TC : (Rires) Je n’y avais pas pensé. Tu sais, je ne me suis jamais posé cette question car c’est la photo de la Sœur de ma Grand-Mère qui est décédée jeune de la tuberculose… Une photo intéressante, un peu terrifiante, qui est devenu notre symbole. Pour le public, c’est LIZZY, mais comme tu dis, son vrai nom est Vera.
ANR : D’où venez-vous au Danemark ? Pouvez-vous nous décrire le ou les lieux où vous avez grandi ?
TC : Une petite ville pas loin de la capitale Copenhague. Tu sais, Copenhague est une petite ville de toutes façons, très facile à vivre. C’est difficile à expliquer car c’est ma maison. Tu n’es jamais allé à Copenhague ? Tu devrais…

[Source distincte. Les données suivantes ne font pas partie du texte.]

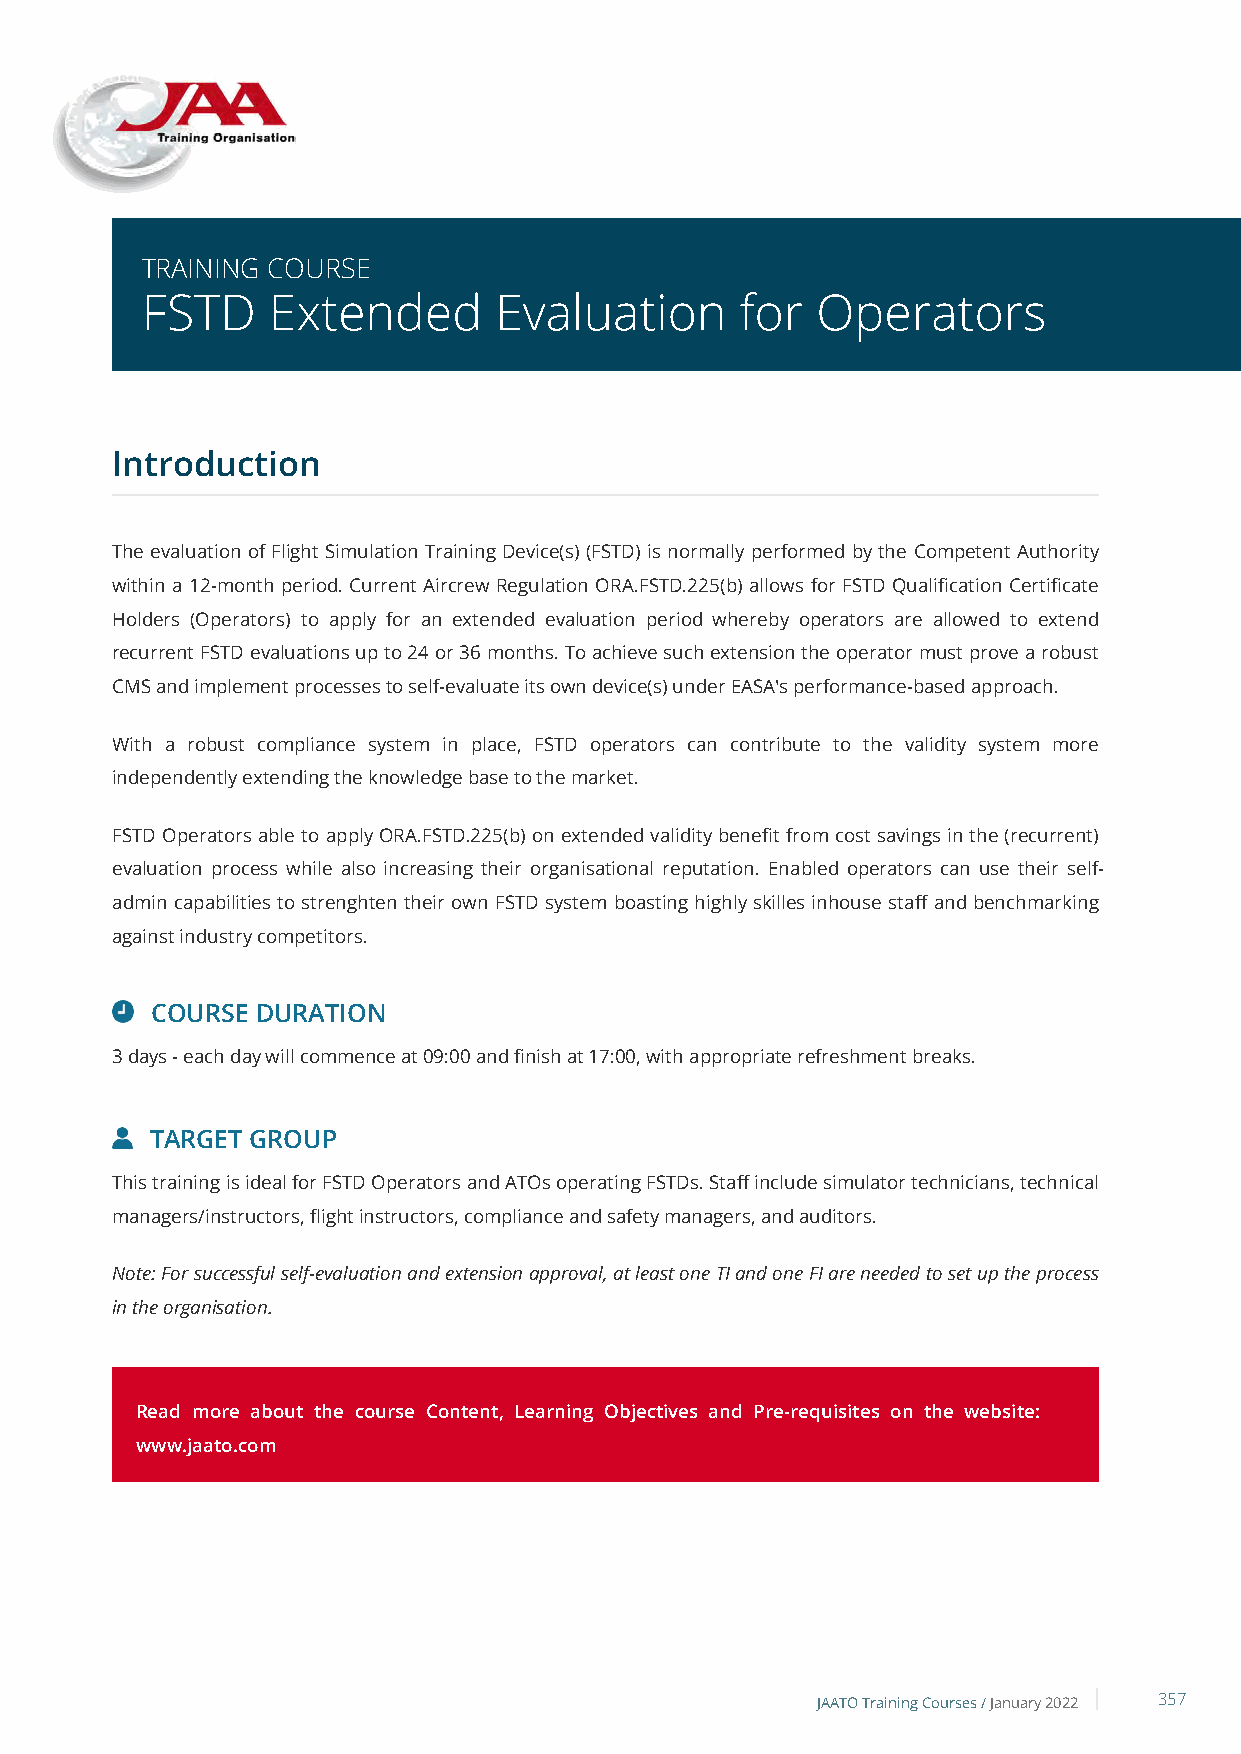
TRAINING COURSE
 FSTD     Extended       Evaluation      for  Operators
 Introduction
 The evaluation of Flight Simulation Training Device(s) (FSTD) is normally performed by the Competent Authority
 within a 12-month period. Current Aircrew Regulation ORA.FSTD.225(b) allows for FSTD Qualification Certificate
 Holders (Operators) to apply for an extended evaluation period whereby operators are allowed to extend
 recurrent FSTD evaluations up to 24 or 36 months. To achieve such extension the operator must prove a robust
 CMS and implement processes to self-evaluate its own device(s) under EASA's performance-based approach.
 With a robust compliance system in place, FSTD operators can contribute to the validity system more
 independently extending the knowledge base to the market.
 FSTD Operators able to apply ORA.FSTD.225(b) on extended validity benefit from cost savings in the (recurrent)
 evaluation process while also increasing their organisational reputation. Enabled operators can use their self-
 admin capabilities to strenghten their own FSTD system boasting highly skilles inhouse staff and benchmarking
 against industry competitors.
 COURSE DURATION
 3 days - each day will commence at 09:00 and finish at 17:00, with appropriate refreshment breaks.
 TARGET GROUP
 This training is ideal for FSTD Operators and ATOs operating FSTDs. Staff include simulator technicians, technical
 managers/instructors, flight instructors, compliance and safety managers, and auditors.
 Note: For successful self-evaluation and extension approval, at least one TI and one FI are needed to set up the process
 in the organisation.
 Read more about the course Content, Learning Objectives and Pre-requisites on the website:
 www.jaato.com
 JAATO Training Courses /January 2022 357
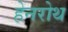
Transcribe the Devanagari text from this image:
हेनरोथ

ANR : Est-ce que DIZZY MIZZ LIZZY a été influencé par des groupes Danois ?
TC : Oui, un bon nombre, mais ils sont inconnus ici. Je pense à un groupe des années 1970 nommé Gasolin, qui peut être considéré comme les Beatles Danois, et qui était très influencé par les Beatles. Ils chantaient en Danois, un peu en Anglais, mais leurs chansons écrites en Danois traduites en Anglais sonnaient épouvantables. J’ai grandi avec les Beatles, c’est dans mon ADN musical. J’aime tous les albums des Beatles, surtout « Abbey Road » que j’ai vénéré étant gamin. J’aime également beaucoup la période d’Hambourg…

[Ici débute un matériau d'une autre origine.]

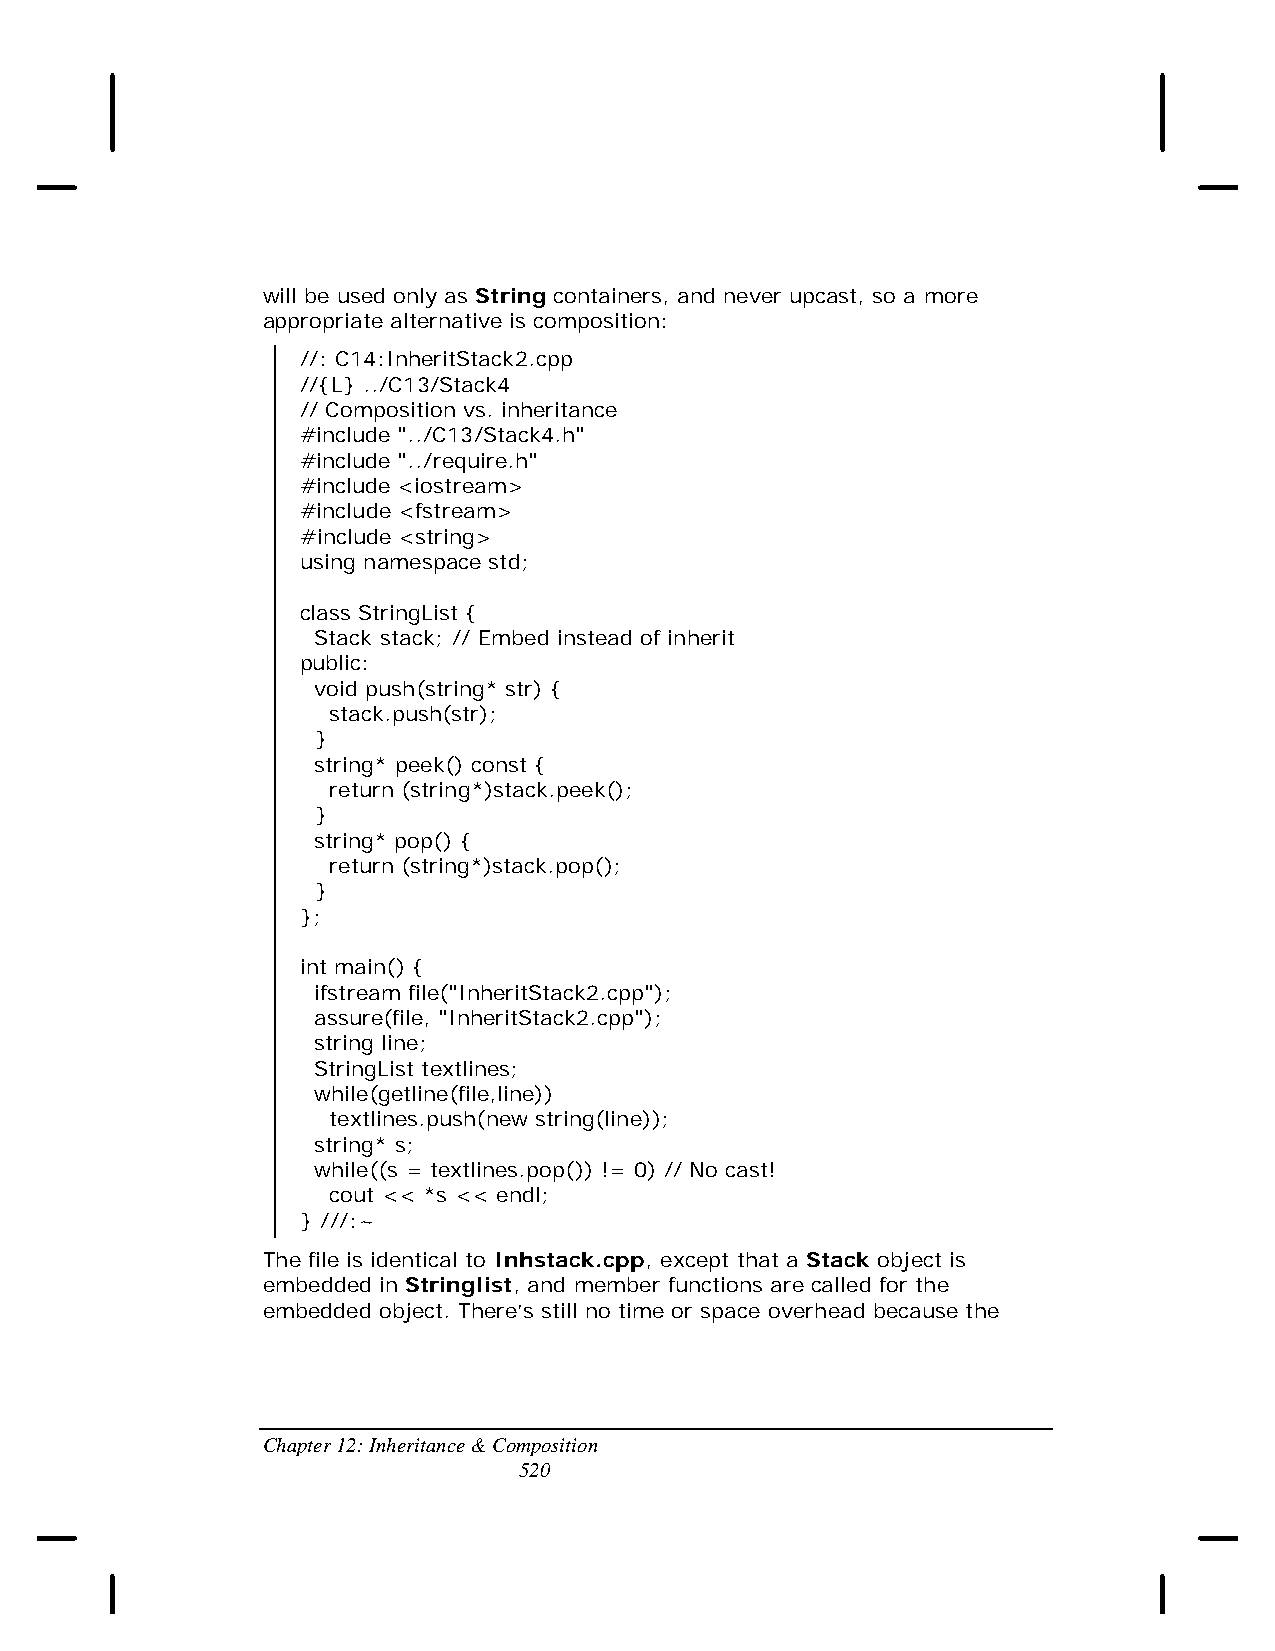
will be used only as String containers, and never upcast, so a more
 appropriate alternative is composition:
 //: C14:InheritStack2.cpp
 //{L} ../C13/Stack4
 // Composition vs. inheritance
 #include "../C13/Stack4.h"
 #include "../require.h"
 #include <iostream>
 #include <fstream>
 #include <string>
 using namespace std;
 class StringList {
 Stack stack; // Embed instead of inherit
 public:
 void push(string* str) {
 stack.push(str);
 }
 string* peek() const {
 return (string*)stack.peek();
 }
 string* pop() {
 return (string*)stack.pop();
 }
 };
 int main() {
 ifstream file("InheritStack2.cpp");
 assure(file, "InheritStack2.cpp");
 string line;
 StringList textlines;
 while(getline(file,line))
 textlines.push(new string(line));
 string* s;
 while((s = textlines.pop()) != 0) // No cast!
 cout << *s << endl;
 } ///:~
 The file is identical to Inhstack.cpp, except that a Stack object is
 embedded in Stringlist, and member functions are called for the
 embedded object. There’s still no time or space overhead because the
 Chapter 12: Inheritance & Composition
 520

ANR : L’état d’esprit à Hambourg est assez proche de celui de Copenhague ?
TC : Assez oui. Il y a beaucoup de similitudes. Sinon, je collectionne les disques obscurs. Je suis un grand collectionneur de disques. En ce moment, j’écoute Gojira, comme je te l’ai dit tout à l’heure, ainsi qu’un groupe US assez Sludge qui s’appelle Pelican. Ils sont très bons, ils ne jouent que des morceaux instrumentaux. Sinon, j’écoute toujours les grands classiques : Black Sabbath, Led Zeppelin, etc… Et les groupes des années 1990 : Soundgarden, Alice in Chains, Stone Temple Pilots. Récemment, j’ai regardé le film documentaire sur Oasis qui vient de sortir, ça m’a rappelé à quel point leurs mélodies étaient bonnes.
ANR : Pour finir, une question à moitié « Danoise » et à moitié « Nineties » : où étiez-vous le 26 juin 1992, lorsque…
TC : (Rires) …le Danemark a gagné l’Euro de Football ? J’étais avec Martin le bassiste du groupe, nous étions encore des amateurs. On a célébré la victoire dans le jardin public de Copenhague. Il y avait des centaines de fans de Football dans les rues de la capitale. Le meilleur, c’est que ce jour-là, à peu près une heure après le coup de sifflet final, Nirvana a donné son légendaire concert sur la scène principale du Festival de Roskilde ! Incroyable.
ANR : Avez-vous rencontré les Stars Danoises de cette époque : Schmeichel, Larsen, Laudrup ?
TC : Non, tu sais, je n’ai jamais été un grand fan de Football même si je regarde les matchs. On est soit sport, soit musique chez nous au Danemark.
ANR : Chez nous aussi. Merci beaucoup Tim.